Mountains May Depart
March 20, 2016 · Knoxville Museum of Art · 2:00 p.m.
The new film from Mainland master Jia Zhang-ke jumps from the recent past to the speculative near-future as it examines how China’s economic boom has affected the bonds of family, tradition, and love.
China, 1999. In Fenyang, childhood friends Liangzi, a coal miner, and Zhang, the owner of a gas station, are both in love with Tao, the town beauty. Tao eventually marries the wealthier Zhang and they have a son he names Dollar. 2014. Tao is divorced and her son emigrates to Australia with his business magnate father. Australia, 2025. 19-year-old Dollar no longer speaks Chinese and can barely communicate with his now bankrupt father. All that he remembers of his mother is her name.
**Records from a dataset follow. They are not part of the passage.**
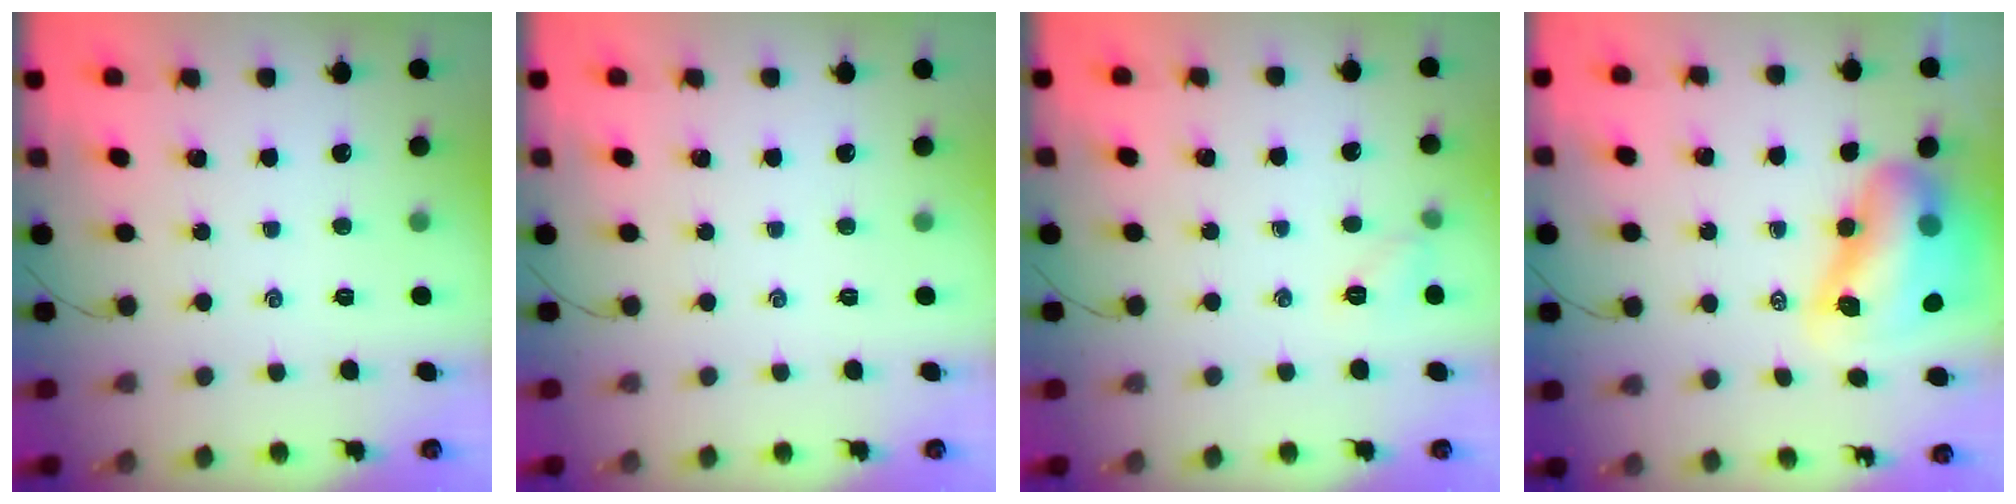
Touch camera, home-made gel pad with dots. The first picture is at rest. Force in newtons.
{"total": 0.0}
{"total": 5.8, "press": 5.5, "slide": 1.7}
{"total": 13.5, "press": 13.0, "slide": 3.7}
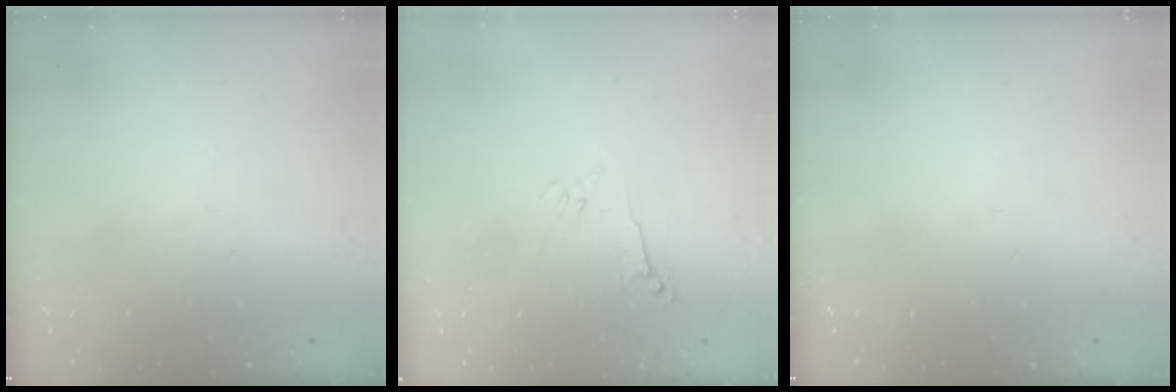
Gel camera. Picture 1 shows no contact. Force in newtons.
{"total": 3.0, "press": 2.9, "slide": 0.8}
{"total": 0.0}
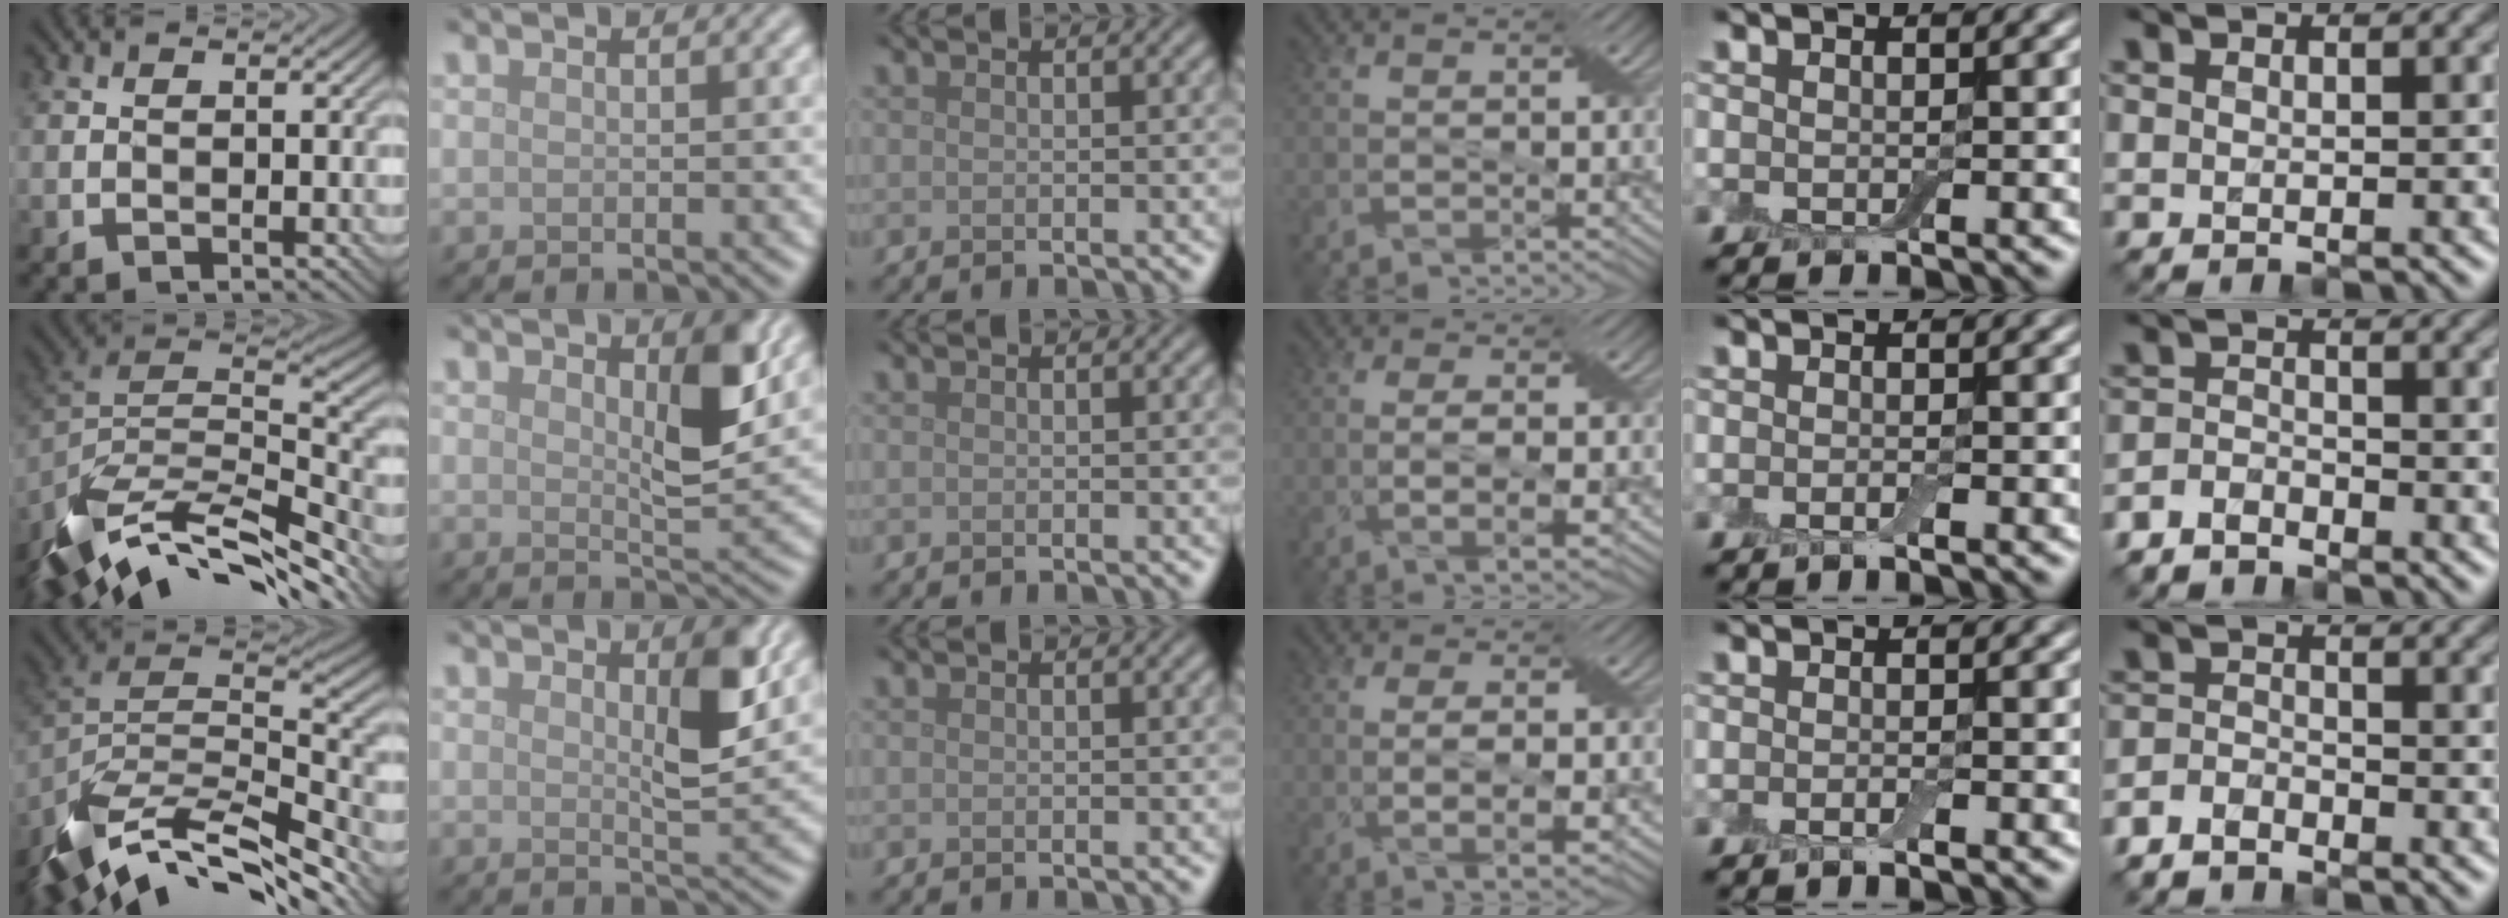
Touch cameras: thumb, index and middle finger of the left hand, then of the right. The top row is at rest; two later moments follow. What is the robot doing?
{"motion": "wrap", "object": "bandage"}

“Jia has often focused on those cast aside by convulsive change; this film, which expands the horizons of both time and space, and follows characters who have been swept up in the modernizing tide, is perhaps his most emotionally direct yet, held together by an enormously moving performance by his wife and regular star, Zhao Tao.” — Dennis Lim, Art Forum
About the Filmmaker
Jia Zhangke was born in Fenyang, Shanxi Province, China, and studied at the Beijing Film Academy. He made his directorial debut with the feature Xiao Wu (’97). His subsequent films include the documentaries Dong (’06), Useless (’07), and I Wish I Knew (’10), and the features Platform (’00), Unknown Pleasures (’02), The World (’04), Still Life (’06), 24 City (’08), and A Touch of Sin (’13).